Na semana passada, o vice-presidente eleito e coordenador-geral da equipe de transição, Geraldo Alckmin, apresentou a minuta da proposta ao Congresso Nacional, que exclui R$ 175 bilhões da regra do teto para o Orçamento de 2023. Com isso, será possível viabilizar a manutenção do valor mínimo de R$ 600 para o programa Bolsa Família, atual Auxílio Brasil, além de instituir um valor adicional de R$ 150 por criança menor de 6 anos de idade de cada beneficiário.

Instituída em 2016, a Emenda Constitucional do Teto de Gastos limita o aumento do orçamento público ao crescimento da inflação do ano anterior.
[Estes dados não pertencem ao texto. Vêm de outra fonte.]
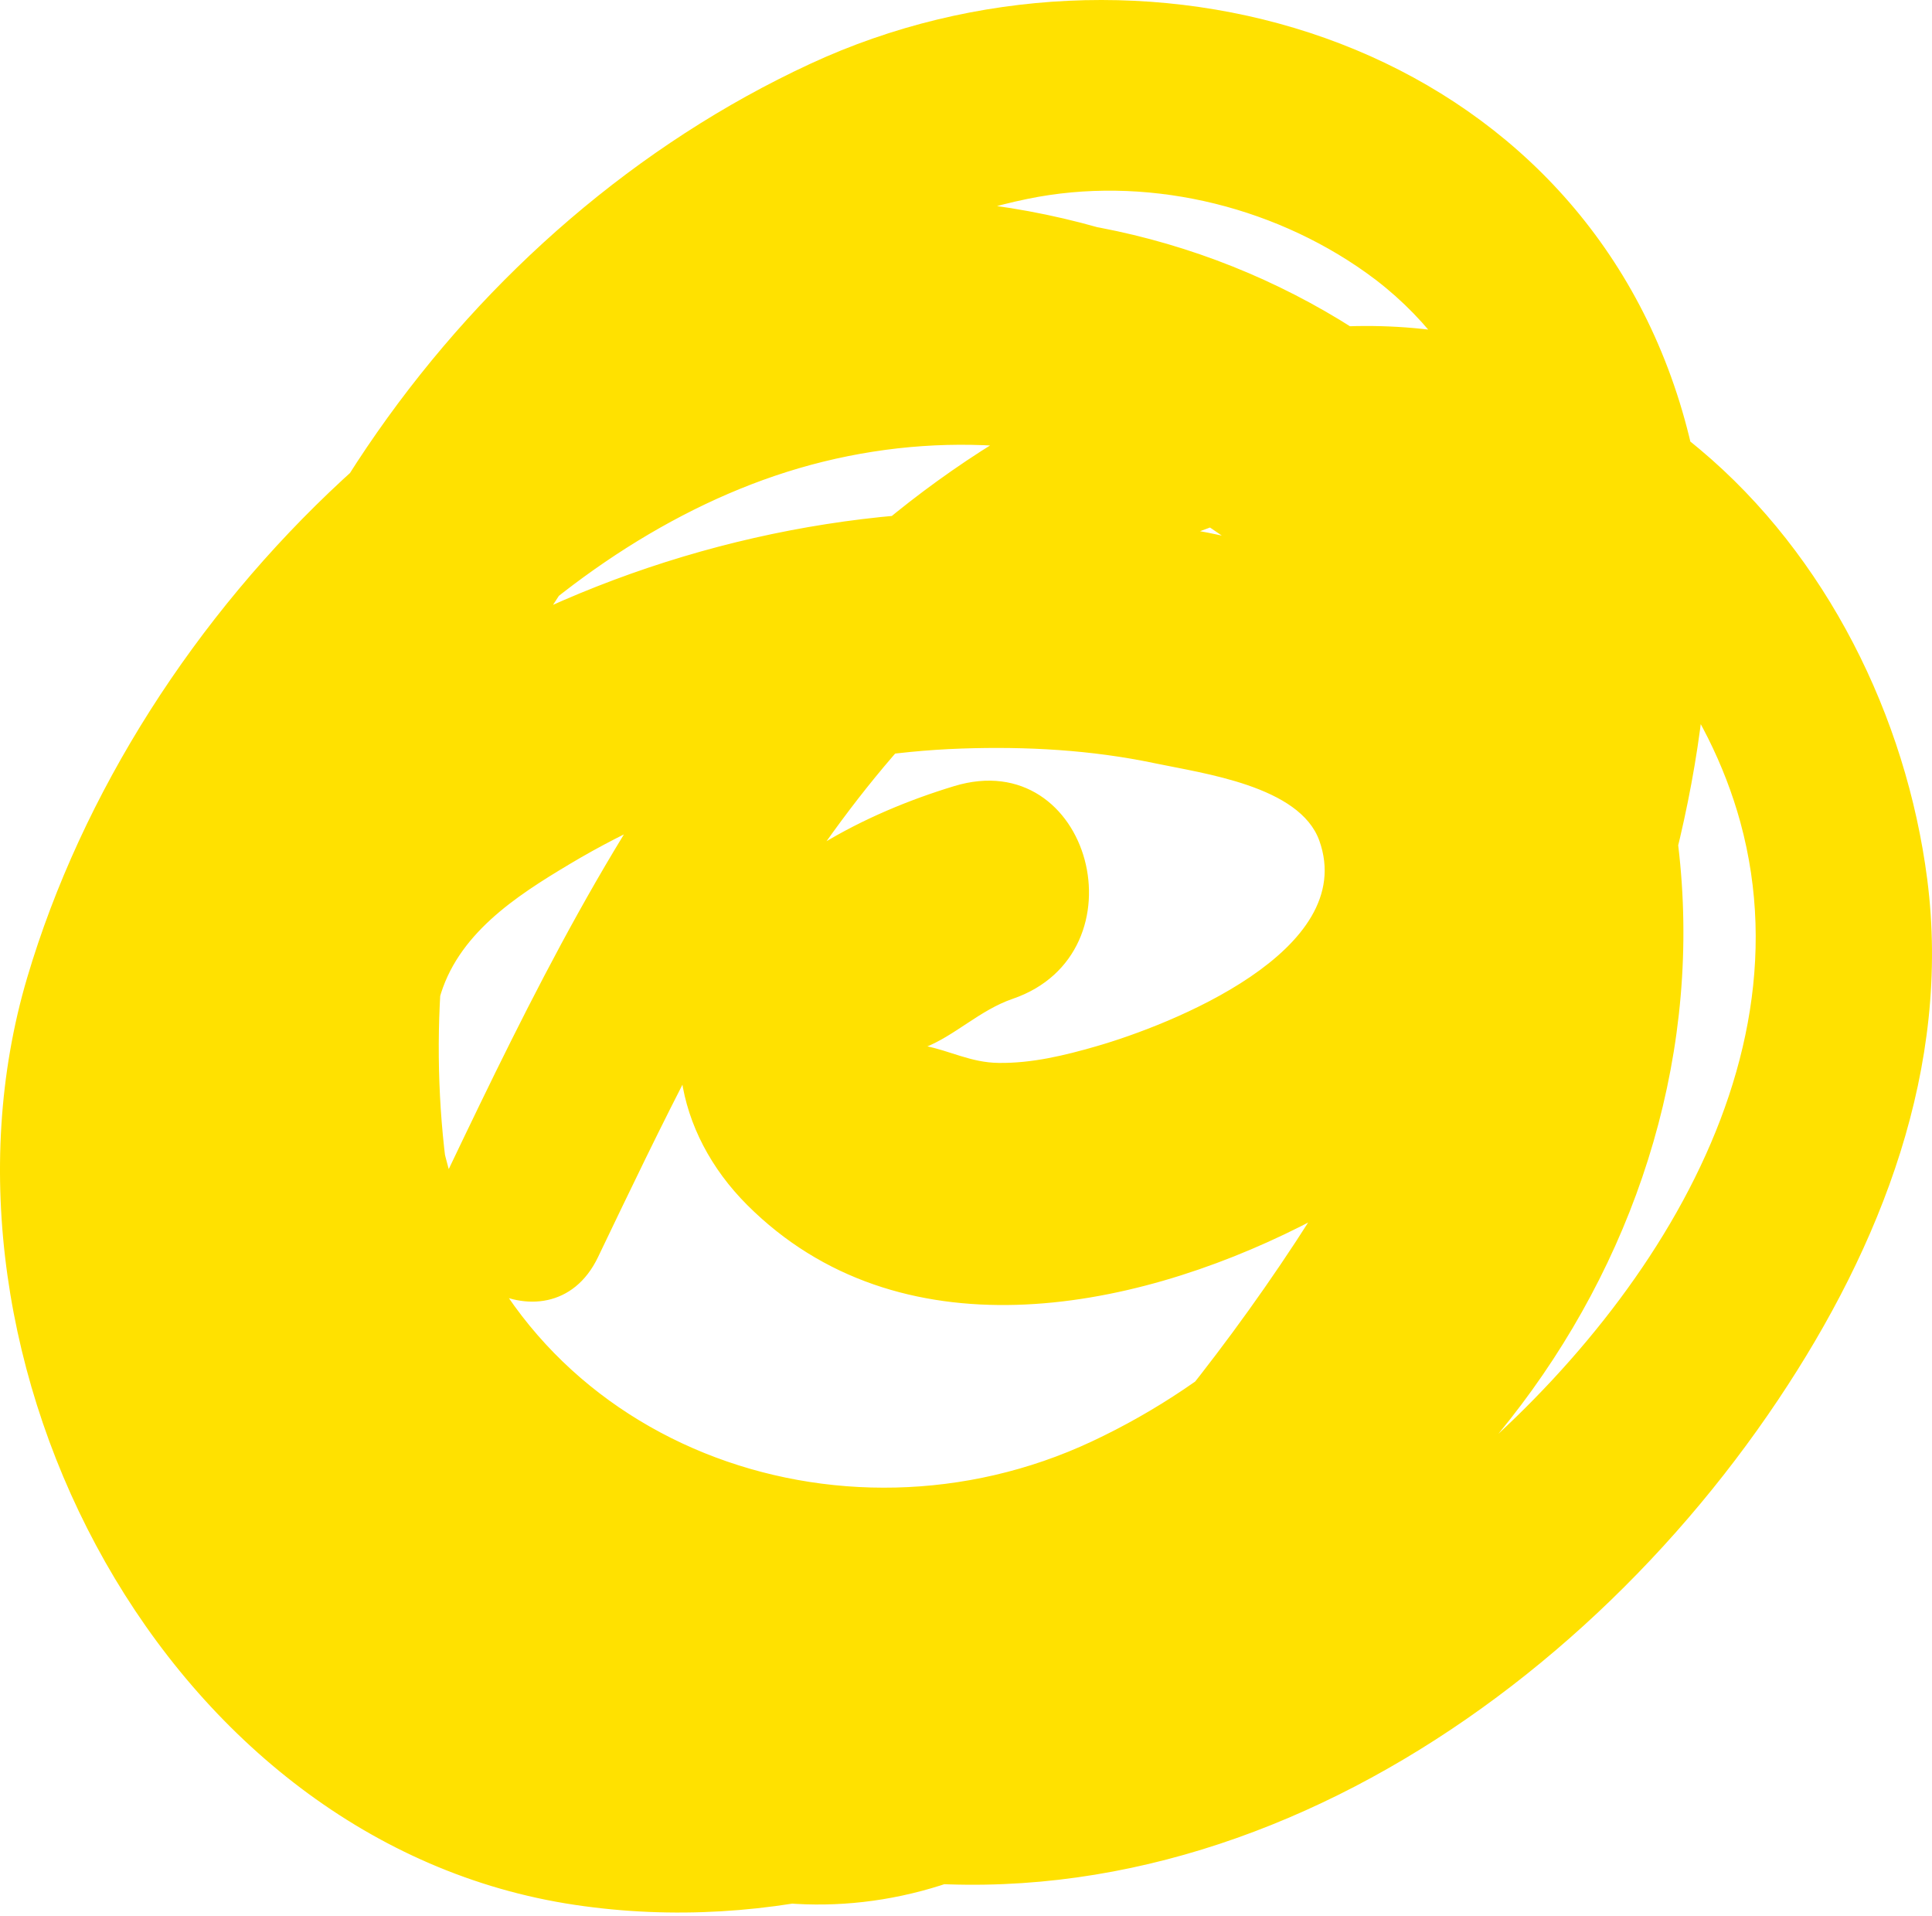 <?xml version="1.0" encoding="UTF-8"?> <svg xmlns="http://www.w3.org/2000/svg" width="467" height="463" viewBox="0 0 467 463" fill="none"> <path d="M144.554 303.826C174.959 240.44 207.69 170.937 272.614 136.347C302.089 120.644 338.79 112.846 368.909 130.624C393.77 145.29 413.05 170.902 420.669 198.696C438.519 263.942 389.012 329.223 338.754 365.889C283.345 406.31 208.119 417.327 152.281 371.433C97.873 326.755 83.923 251.315 105.528 186.283C125.953 124.865 183.115 61.443 248.397 48.065C276.405 42.306 306.954 49.352 330.169 65.879C357.105 85.052 368.301 116.709 367.907 148.867C367.12 217.475 324.446 290.77 282.129 342.351C263.421 365.137 237.415 399.942 206.152 404.771C171.704 410.065 144.948 377.55 130.139 350.936C98.195 293.488 99.018 217.833 126.74 158.811C158.433 91.311 236.056 90.167 292.395 127.44C353.849 168.147 352.991 243.516 318.865 302.538C287.137 357.411 224.502 408.17 158.147 405.272C90.755 402.339 43.859 322.642 58.418 259.971C72.762 198.159 126.776 135.596 187.229 115.028C249.72 93.78 321.083 117.818 344.907 182.813C370.054 251.493 325.769 319.422 263.886 348.397C203.039 376.906 126.848 349.362 108.354 282.149C104.849 269.379 102.667 254.498 106.172 241.513C110.393 225.881 124.594 216.653 137.793 208.783C166.374 191.72 199.176 182.062 232.443 180.917C248.075 180.381 263.743 181.239 279.088 184.459C290.785 186.927 314.144 189.932 318.901 203.167C328.452 229.852 282.773 247.773 264.959 252.888C257.268 255.106 249.434 257.002 241.386 256.895C234.625 256.823 229.546 253.89 223.393 252.745C222.821 252.638 218.85 249.741 218.922 249.705C219.101 252.137 219.279 254.57 219.458 257.002C220.782 255.75 222.105 254.498 223.429 253.21C230.798 250.349 236.843 244.125 244.784 241.406C276.942 230.389 263.743 179.916 230.619 190.003C209.049 196.549 185.798 208.497 172.706 227.598C158.362 248.56 163.119 273.743 180.611 291.235C217.241 327.828 272.936 317.276 314.43 296.386C354.744 276.068 389.227 231.784 372.486 184.638C355.709 137.456 296.473 126.51 252.546 124.006C205.579 121.323 157.539 132.484 116.188 154.769C71.367 178.914 42.607 215.293 47.222 268.377C56.057 369.716 154.928 437.037 252.868 414.751C348.949 392.896 419.453 297.995 405.037 199.661C391.158 105.155 303.949 41.268 209.908 53.359C115.973 65.413 33.021 146.935 6.55 236.362C-20.779 328.794 40.103 445.693 139.01 460.395C233.659 474.489 325.984 405.845 368.551 325.11C390.014 284.403 399.886 238.83 393.555 193.008C386.723 143.465 358.643 106.013 317.506 78.828C237.88 26.137 123.235 39.48 79.129 130.91C38.565 215.007 39.853 324.108 96.121 401.016C125.166 440.721 171.99 470.518 222.857 456.997C269.001 444.727 302.876 400.479 329.776 363.885C358.249 325.11 380.678 281.72 396.309 236.219C411.262 192.793 419.918 142.106 406.003 97.249C378.424 8.395 275.225 -21.402 195.814 15.442C112.253 54.181 50.942 141.641 43.752 233.214C36.383 327.077 91.792 420.189 183.759 447.911C281.306 477.35 376.957 417.327 429.791 338.345C454.723 301.108 471.679 257.861 465.848 212.503C460.768 173.155 441.488 134.237 410.868 108.589C334.104 44.309 232.622 94.102 177.964 162.603C148.882 199.053 128.421 240.798 108.426 282.65C96.8 306.902 132.893 328.186 144.554 303.826Z" fill="#FFE100"></path> </svg>

Por ser uma alteração constitucional, a PEC, quando for apresentada, precisa ter um mínimo de 27 assinaturas de senadores para começar a tramitar na Casa. E precisa ser aprovada até o fim deste ano com um quórum qualificado de três quintos tanto no Senado quanto na Câmara, com votação em dois turnos.

Para Gleisi, não há problema com o prazo de tramitação. “Se tiver acordo político, as casas legislativas sempre foram muito céleres, então vamos procurara acertar, já que esse é o ruído maior, do prazo da PEC, vamos ver se chegamos a um bom termo”, disse.

A reunião do conselho político da transição contou com a presença de representantes de 15 partidos políticos, incluindo seus líderes. São eles Agir, Avante, PSDB, Cidadania, MDB, PCdoB, PDT, PROS, PSB, PSD, PSOL, PT, PV, Rede e Solidariedade.